Yi Chuan ; 44(7): 581-590, 2022 Jul 20.
Artigo em Inglês | MEDLINE | ID: mdl-35858770

RESUMO

MC1R (melanocortin 1 receptor) encodes the melanocortin-1 receptor, which can activate intracellular cAMP synthesis under the stimulation of the α-melanocyte stimulating hormone (α-MSH) ligand. Increased cAMP then activates the protein kinase A (PKA) pathway, resulting in the up-regulation of the expression of the microphthalmia-associated transcription factor (MITF) which is a critical regulatory factor of melanin synthesis, and tyrosinase (TYR), the rate-limiting enzyme of melanin synthesis tyrosinase (TYR), and ultimately affects production of eumelanin and pheomelanin, and the coat color phenotype of mammalian species.
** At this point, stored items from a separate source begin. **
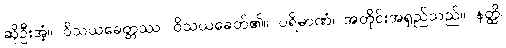
ဆိုဦးအံ့။ ဝိသယခေတ္တဿ၊ ဝိသယခေတ်၏။ ပရိမာဏံ၊ အတိုင်းအရှည်သည်။ နတ္ထိ၊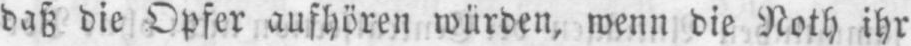
daß die Opfer aufhören würden, wenn die Noth ihr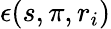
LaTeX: \epsilon(s,\pi,r_{i})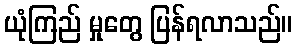
ယုံကြည် မှုတွေ ပြန်ရလာသည်။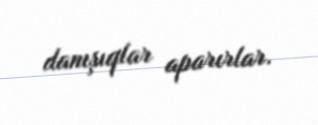
danışıqlar aparırlar.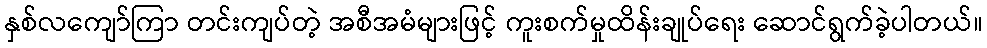
နှစ်လကျော်ကြာ တင်းကျပ်တဲ့ အစီအမံများဖြင့် ကူးစက်မှုထိန်းချုပ်ရေး ဆောင်ရွက်ခဲ့ပါတယ်။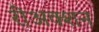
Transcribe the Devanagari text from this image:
रीअक्शन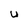
Character: U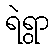
ရဲရွာ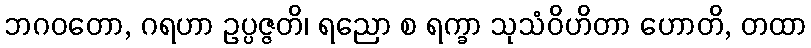
ဘဂဝတော, ဂရဟာ ဥပ္ပဇ္ဇတိ၊ ရညော စ ရက္ခာ သုသံဝိဟိတာ ဟောတိ, တထာ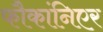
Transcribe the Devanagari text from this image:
फौकांनिएर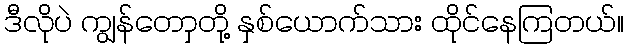
ဒီလိုပဲ ကျွန်တောှတို့ နှစ်ယောက်သား ထိုင်နေကြတယ်။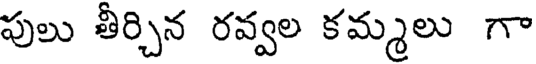
పులు తీర్చిన రవ్వల కమ్మలు గా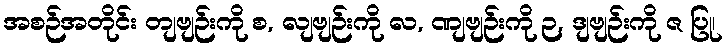
အစဉ်အတိုင်း တျဗျဉ်းကို စ, လျဗျဉ်းကို လ, ဏျဗျဉ်းကို ဉ, ဒျဗျဉ်းကို ဇ ပြု၊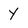
Character: Y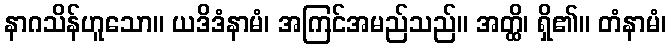
နာဂသိန်ဟူသော။ ယဒိဒံနာမံ၊ အကြင်အမည်သည်။ အတ္ထိ၊ ရှိ၏။ တံနာမံ၊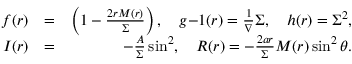
\begin{array} { r l r } { f ( r ) } & { = } & { \left( 1 - \frac { 2 r M ( r ) } { \Sigma } \right) , ~ ~ ~ g { - 1 } ( r ) = \frac { 1 } { \nabla } \Sigma , ~ ~ ~ h ( r ) = \Sigma ^ { 2 } , } \\ { I ( r ) } & { = } & { - \frac { A } { \Sigma } \sin ^ { 2 } , ~ ~ ~ R ( r ) = - \frac { 2 a r } { \Sigma } M ( r ) \sin ^ { 2 } \theta . } \end{array}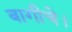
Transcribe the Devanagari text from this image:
बागीचे।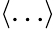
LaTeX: \left\langle{\dots}\right\rangle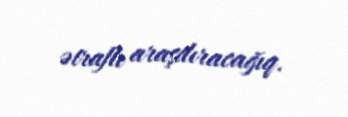
ətraflı araşdıracağıq.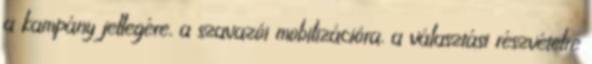
a kampány jellegére, a szavazói mobilizációra, a választási részvételre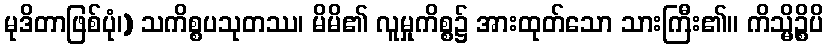
မုဒိတာဖြစ်ပုံ၊) သကိစ္စပသုတဿ၊ မိမိ၏ လူမှုကိစ္စ၌ အားထုတ်သော သားကြီး၏။ ကိသ္မိဉ္စိပိ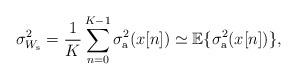
LaTeX: \begin{align*} \sigma_{W_{\rm s}}^2 =\frac{1}{K} \sum_{n=0}^{K-1} \sigma_{\rm a}^2(x[n]) \simeq \mathbb{E}\{\sigma_{\rm a}^2(x[n])\},\end{align*}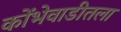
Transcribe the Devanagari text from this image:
कोंभेवाडीतला

Previous reports have indicated that the mutation A243T in the transmembrane domain 6 (TM6) of MC1R protein might disrupt the function of MC1R, contributing to the red phenotype in Duroc pig. However, functional analysis of the A243T mutation in MC1R has not yet been carried out. In this study, we attempted to used single-stranded oligo-deoxyribonucleotides (ssODN) as donor templates to introduce the c.727G>A (A243T) mutation into MC1R in human melanoma cell line SK-MEL-2 by CRISPR/Cas9 to analyze its effects on MC1R functions. We found the occurrence of ssODN recombination reached to 10%. Unfortunately, Sanger sequencing MC1R in six single-cell clones revealed that none carried the c.727G>A mutation, but all carried undesired mutations surrounding the target site. Cells transfected with CRISPR/Cas9 plasmids and ssODN presented significantly attenuated cAMP activation, and down-regulated MITF and TYR expression, indicating that the editing MC1R could affect the melanin synthesis function in cells. This study provides a basis for further investigation the mechanism of MC1R mutation on animal coat color.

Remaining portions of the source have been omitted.